### WHAT YOU HAVE TO DO
Quote each line of the material verbatim, without the pictures.

BEGIN GIVEN INFORMATION

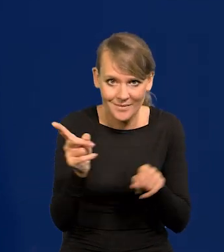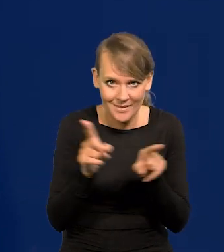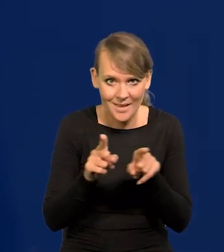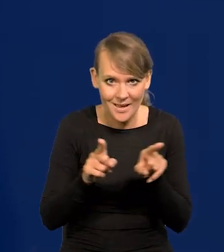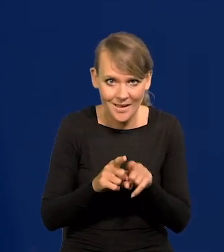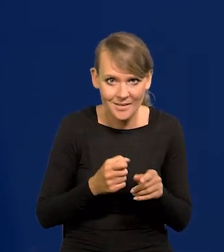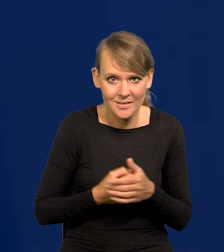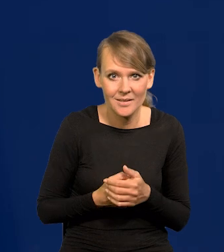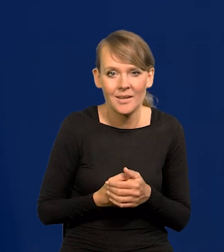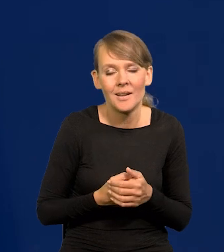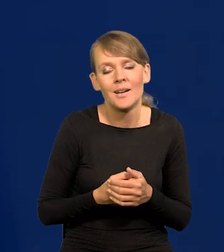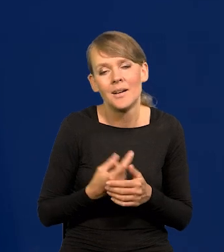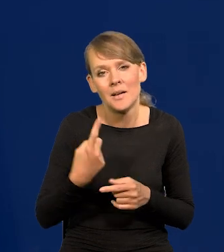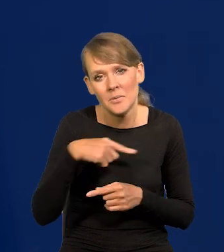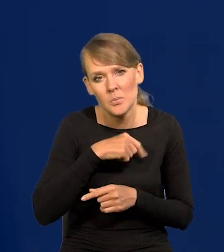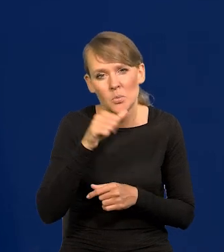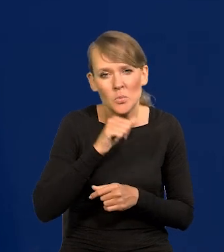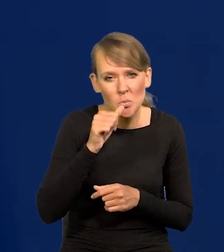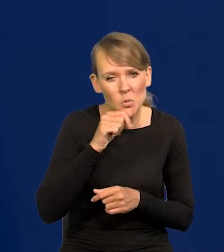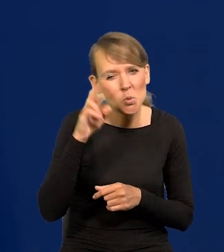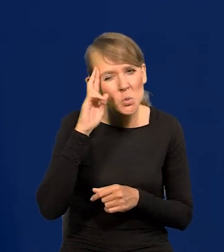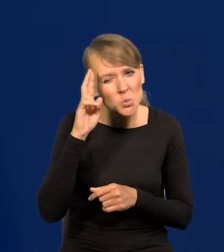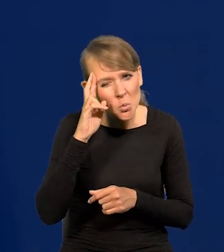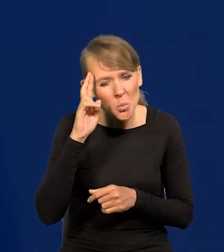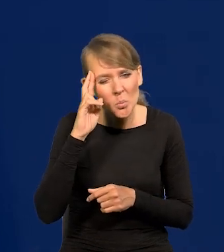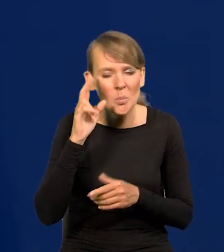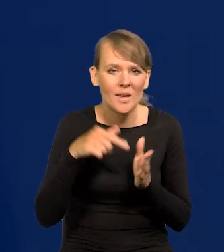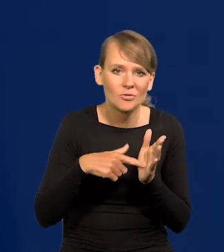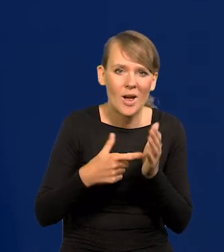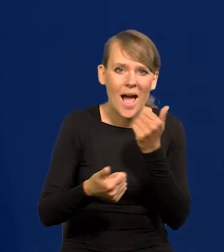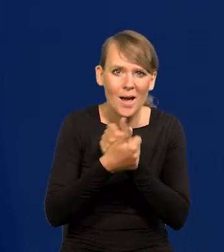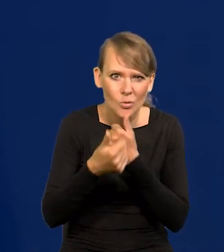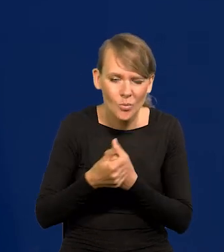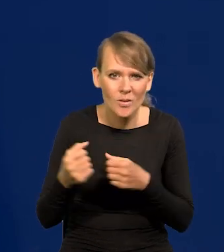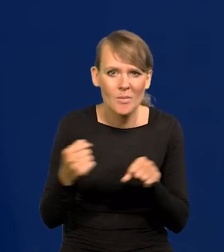To racjonalizujemy jakoś, przetwarzamy na język argumentacji poważnej,
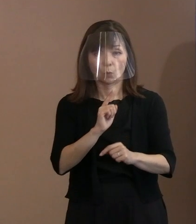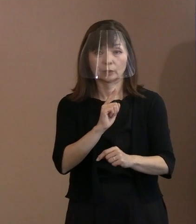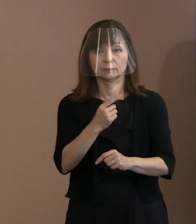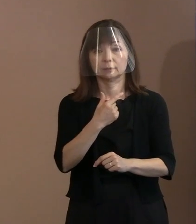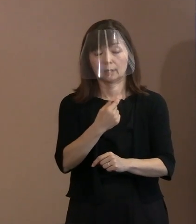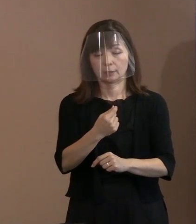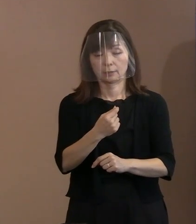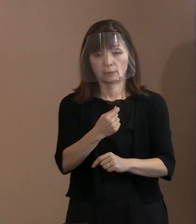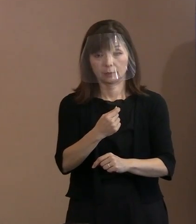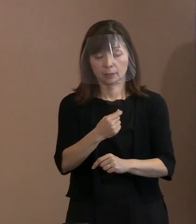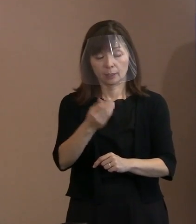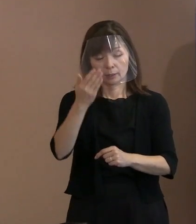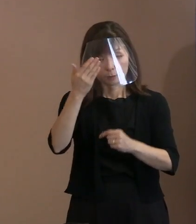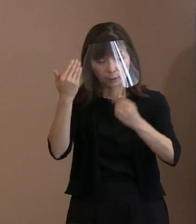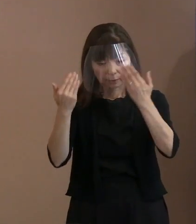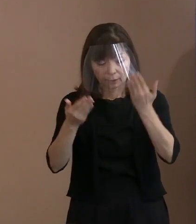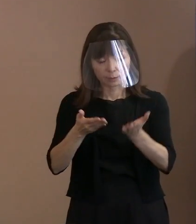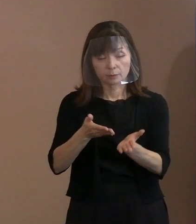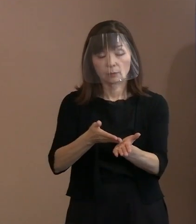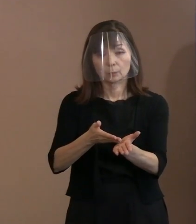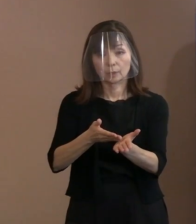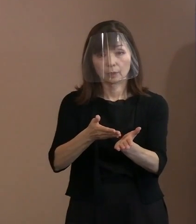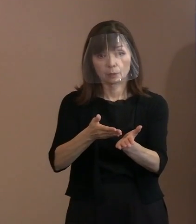だからそこをちゃんと丁寧に説明して､ それでもいろいろな御意見があっても
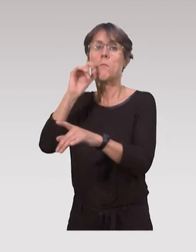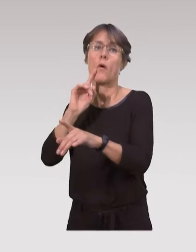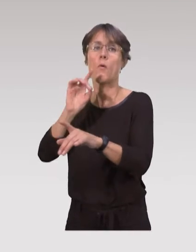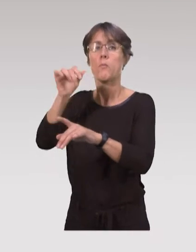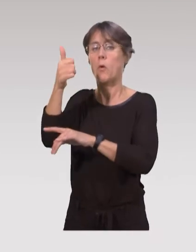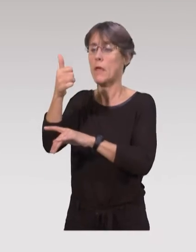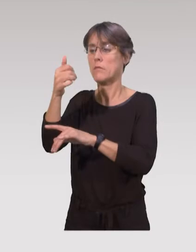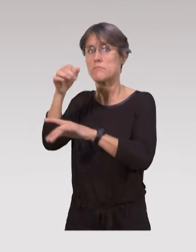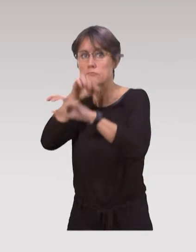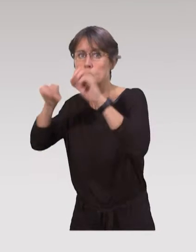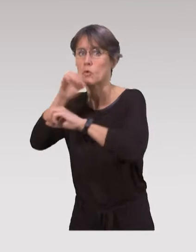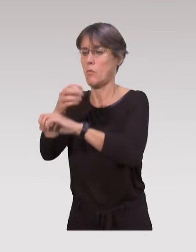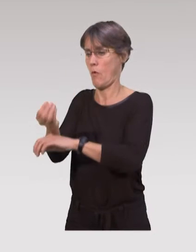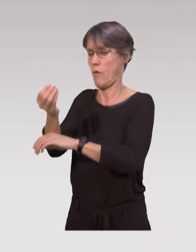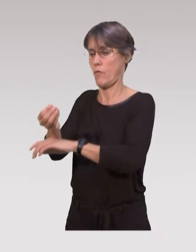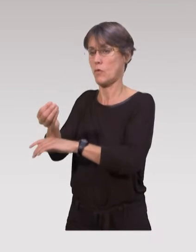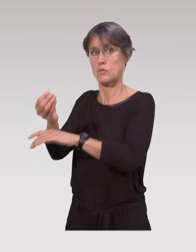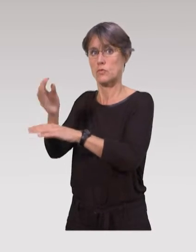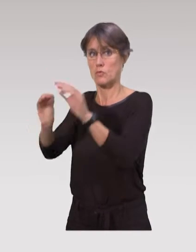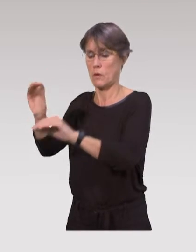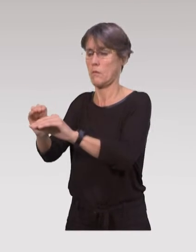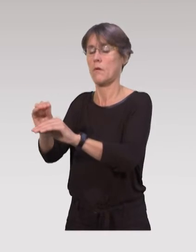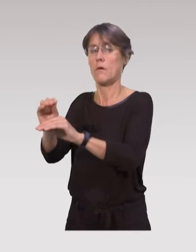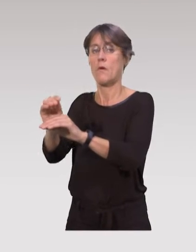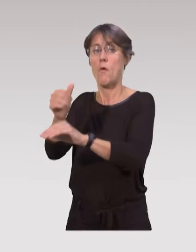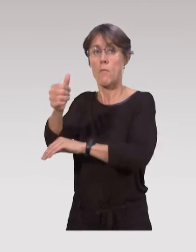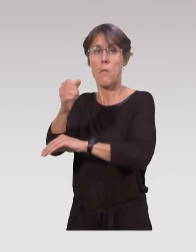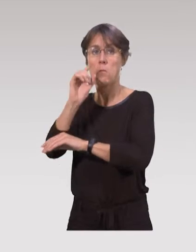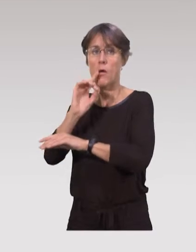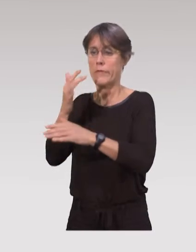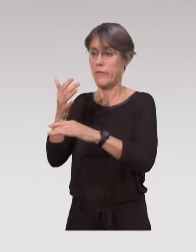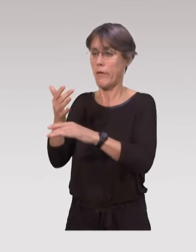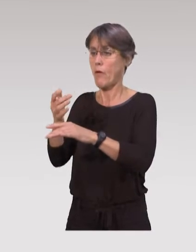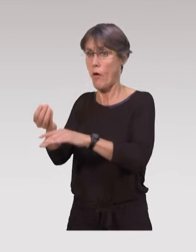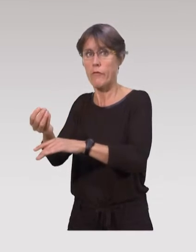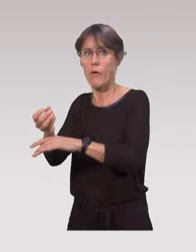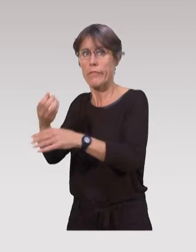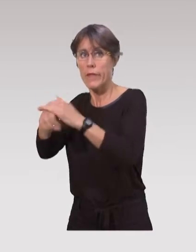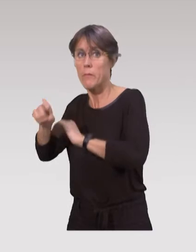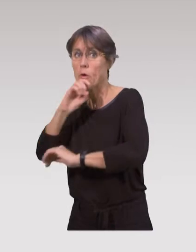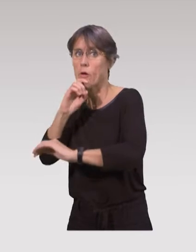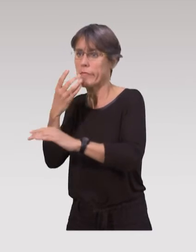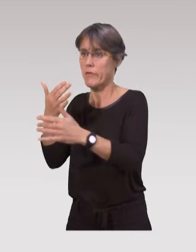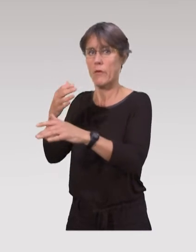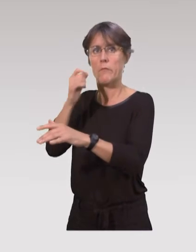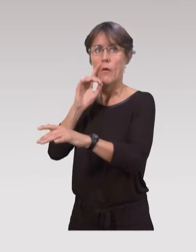dans les soins des enfants et se préparent d’ailleurs avant la naissance.

END GIVEN INFORMATION

### SOLUTION FOR THIS TASK
To racjonalizujemy jakoś, przetwarzamy na język argumentacji poważnej,
だからそこをちゃんと丁寧に説明して､ それでもいろいろな御意見があっても
dans les soins des enfants et se préparent d’ailleurs avant la naissance.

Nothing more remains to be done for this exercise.